Welcome to the router forum.

Thank you for joining us.

Are we talking about a router, shaper or CNC machine?

7 hp and $7950 seems a hell of a lot for a router?

PS just found it on the web.... looks like a great CNC machine. I would hate to ask how much a full machine costs.

BTW. What voltage are you on in Mauritius? Would that motor require 3 phase power?


----------



## wbh1963 (Oct 11, 2011)

Hi ZigZag,

Welcome to the Router Forums. The machine you need parts for is certainly an expensive one.

Considering how expensive a complete motor is, you might want to make sure that it isn't just the brushes or some other simple to repair problem. 

Sometimes when a motor fails it is because of an fault in the 'windings'. Most of the time when it is a winding problem, replacement is the best option. Other times the failure is because of 'simpler' parts, such as the brushes, that can be replaced.



jw2170 said:


> G'day
> 
> Are we talking about a router, shaper or CNC machine?
> 
> 7 hp and $7950 seems a hell of a lot for a router?


The Gerber's seem to be CNC based high end tables, and the manufacturer's website calls them routers.....but darn spendy ones it would seem.


----------



## waho6o9 (Apr 4, 2010)

Need Help! Grateful for advice about used Gerber Sabre 408 - CNCzone.com-The Largest Machinist Community on the net!

Maybe these fine folks will steer you in a more cost effective direction.


----------



## Zig Zag (Jan 27, 2012)

Hi James,

My first name is Jean-Jacques. I am the managing director of a small sign making company in Mauritius called Zig Zag Ltd.

I am very grateful you answered, thank you.

Like you said, it is a lot of money for that type of motor. My agent sold it to me 5 years ago at half that price of $7,950= $ 3,975.
I believe this type of motor can run for +/- 5 years before getting into trouble. It runs at 20,000 to 24,000 rpm.

The price for a new cnc machine of that type today will be around $ 85,000. I bought it 11 years ago at $55,000.

If you know some suppliers (agents for Gerber equipment) in Australia who could supply me at a more reasonable price, please feel free to help.

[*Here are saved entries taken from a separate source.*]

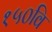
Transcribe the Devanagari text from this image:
१५०वि
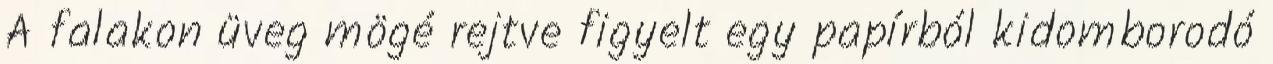
A falakon üveg mögé rejtve figyelt egy papírból kidomborodó
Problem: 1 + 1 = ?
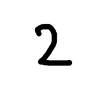
Handwritten answer: 2
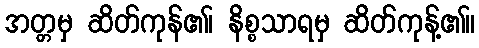
အတ္တမှ ဆိတ်ကုန်၏၊ နိစ္စသာရမှ ဆိတ်ကုန့်၏။
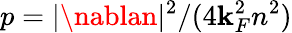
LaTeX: p=|\nablan|^{2}/(4\mathbf{k}_{F}^{2}n^{2})

May be it is the price today ?!? I don't know. I feel it strange that the price has double in 5 years!
I just want to have a price comparison with another supplier of the same motor.

Our voltage here is 240 V. and this machine require 3 phase power.

Many thanks James.

Regards,

Jean-Jacques.


----------



## Zig Zag (Jan 27, 2012)

Thanks a lot for your help.


----------



## ctwells (May 31, 2014)

Zig Zag said:


> I want to buy a new router motor (7hp high frequency spindle).
> Please can you help me in finding a supplier?
> My usual agent is asking for $7950 for a new one and I find it very expensive.
> Thank you.


Are you still looking? I have a full machine for sale.
It has been decommissioned but last time it was used it was still working.
I am in Australia


----------



## jw2170 (Jan 24, 2008)

Zig Zag has not been back since Jan 2012.

You might tray and PM him or send an email. [be aware that as you both have less than 10 posts, you will not be able to respond to PMs] - ask Zig Zag to respond on the forum...


----------